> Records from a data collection

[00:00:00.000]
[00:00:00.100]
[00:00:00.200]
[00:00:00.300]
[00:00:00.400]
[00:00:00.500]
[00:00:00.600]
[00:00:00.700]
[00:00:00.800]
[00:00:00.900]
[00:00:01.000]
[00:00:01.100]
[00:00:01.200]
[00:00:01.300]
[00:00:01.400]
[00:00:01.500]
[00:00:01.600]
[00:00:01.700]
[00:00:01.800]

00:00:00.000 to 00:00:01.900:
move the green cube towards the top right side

* * *

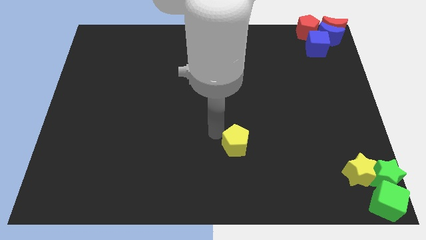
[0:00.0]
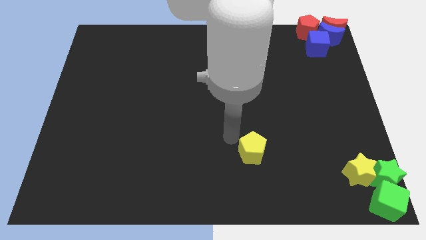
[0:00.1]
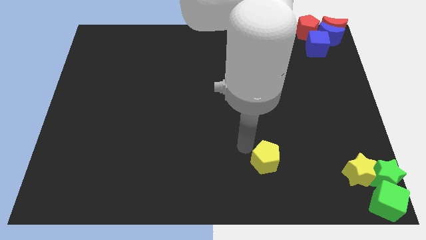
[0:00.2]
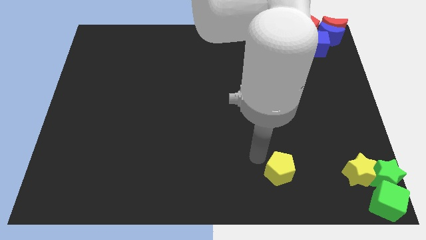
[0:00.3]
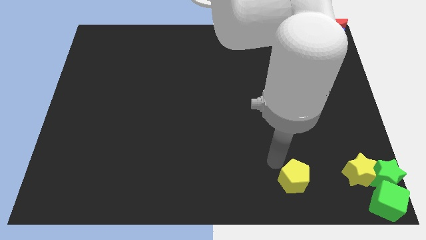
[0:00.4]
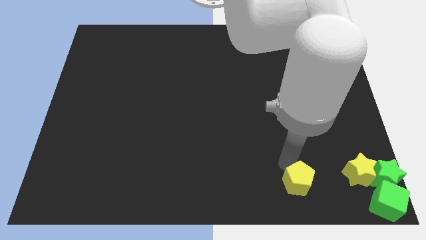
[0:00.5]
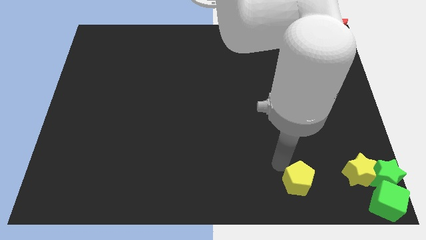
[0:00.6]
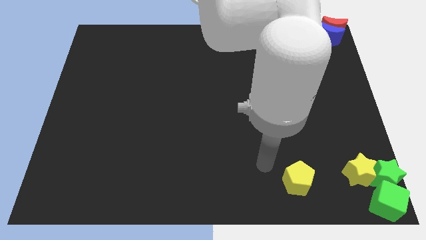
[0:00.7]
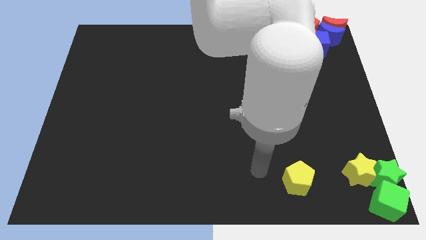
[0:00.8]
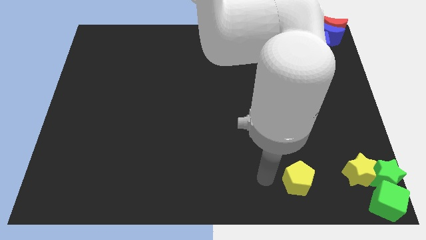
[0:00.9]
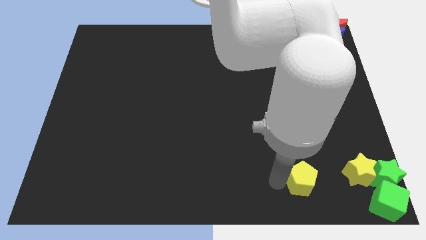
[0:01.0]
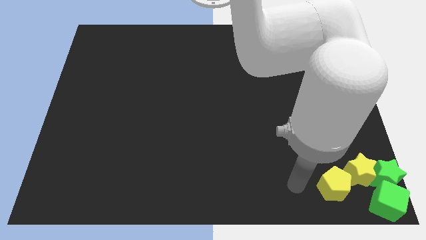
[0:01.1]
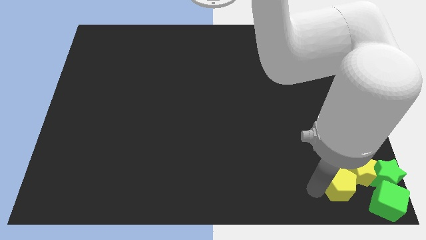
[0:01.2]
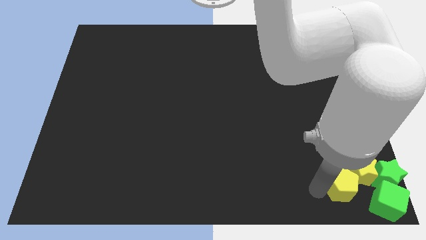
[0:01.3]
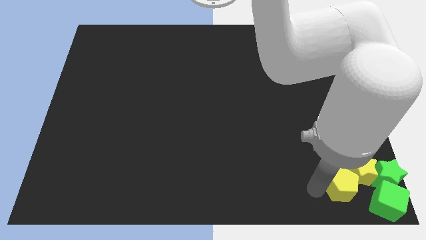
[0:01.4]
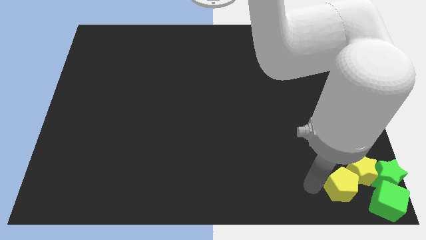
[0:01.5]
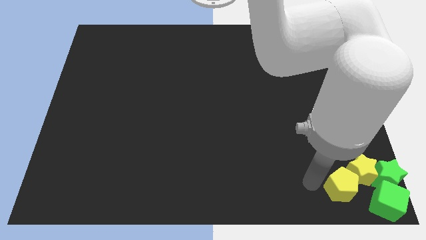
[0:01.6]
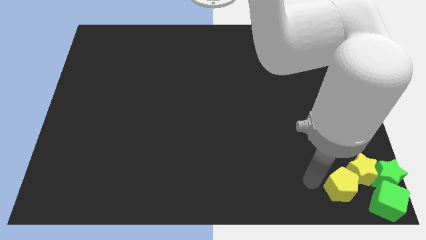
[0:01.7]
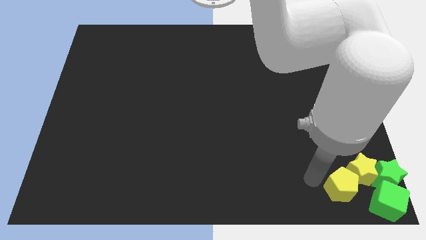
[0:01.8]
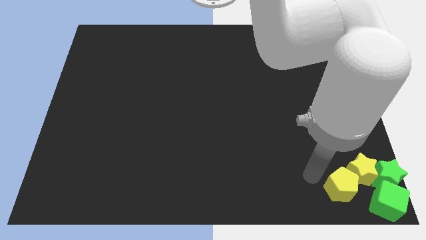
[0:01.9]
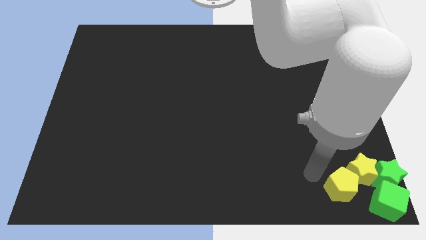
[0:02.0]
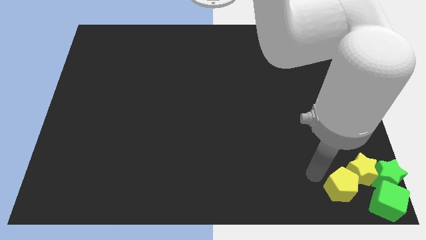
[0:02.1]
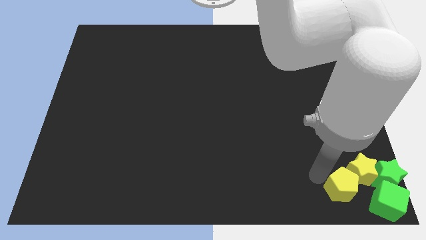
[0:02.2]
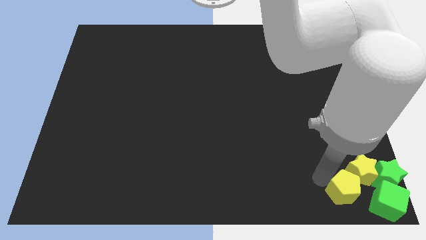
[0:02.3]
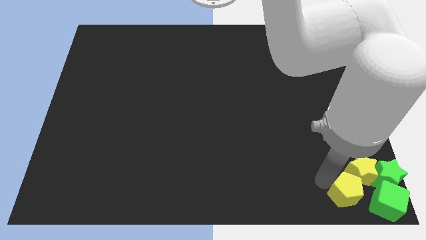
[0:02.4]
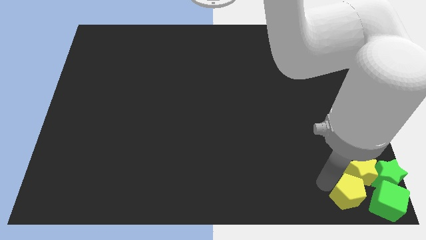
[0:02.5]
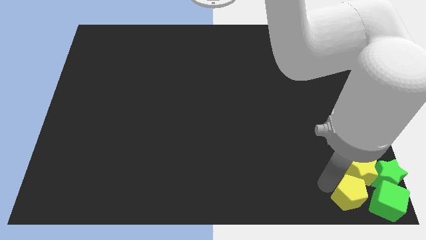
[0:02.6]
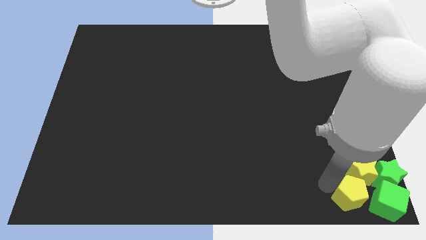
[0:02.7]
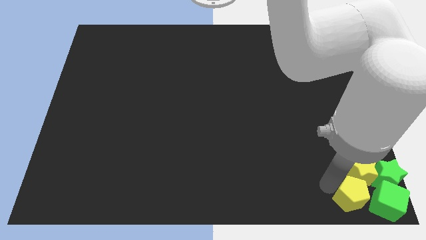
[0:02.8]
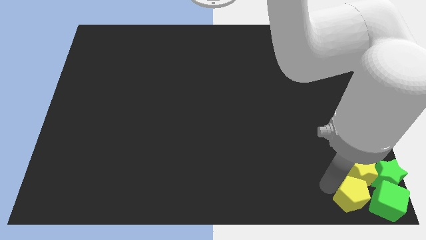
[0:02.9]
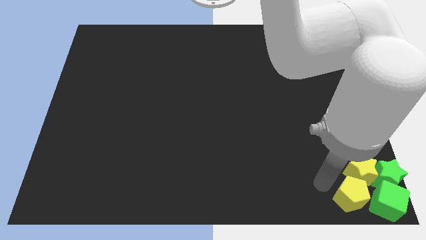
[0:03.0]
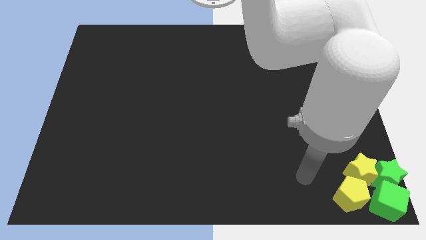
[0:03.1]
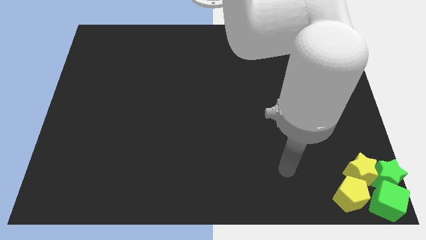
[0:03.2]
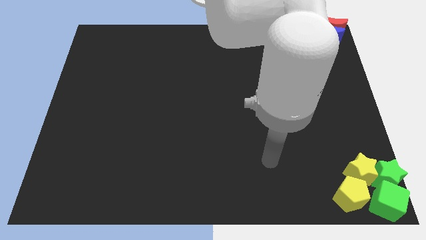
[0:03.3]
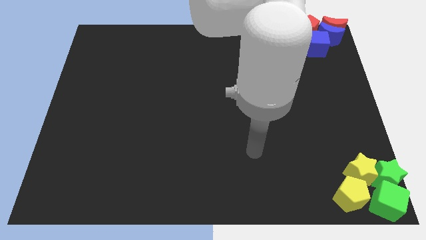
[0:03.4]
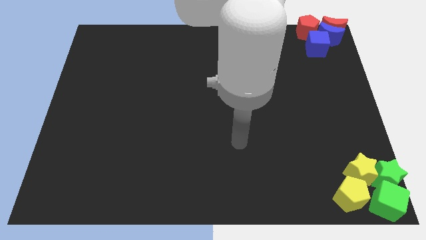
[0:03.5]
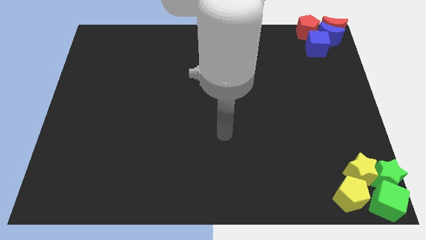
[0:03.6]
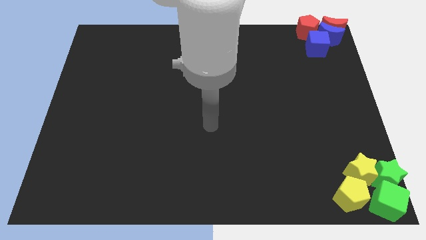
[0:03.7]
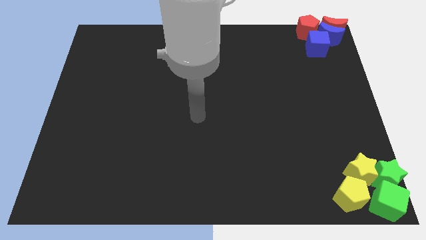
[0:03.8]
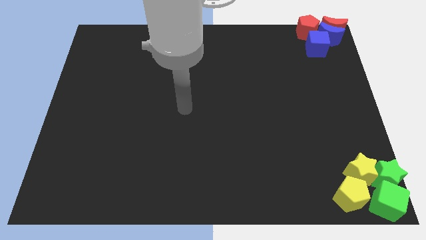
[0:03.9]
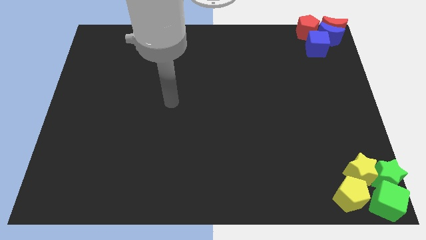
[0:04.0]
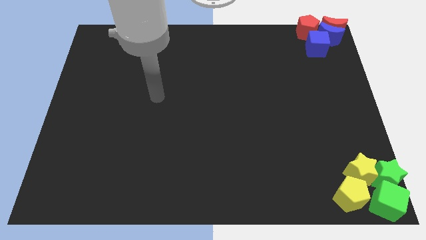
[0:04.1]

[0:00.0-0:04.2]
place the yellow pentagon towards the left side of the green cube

> TASK
The required output is every line above from the one with "[00:00:00.000]" down to the one with "[00:00:01.800]", restated word for word, ends included.

> FINISHED EXERCISE
[00:00:00.000]
[00:00:00.100]
[00:00:00.200]
[00:00:00.300]
[00:00:00.400]
[00:00:00.500]
[00:00:00.600]
[00:00:00.700]
[00:00:00.800]
[00:00:00.900]
[00:00:01.000]
[00:00:01.100]
[00:00:01.200]
[00:00:01.300]
[00:00:01.400]
[00:00:01.500]
[00:00:01.600]
[00:00:01.700]
[00:00:01.800]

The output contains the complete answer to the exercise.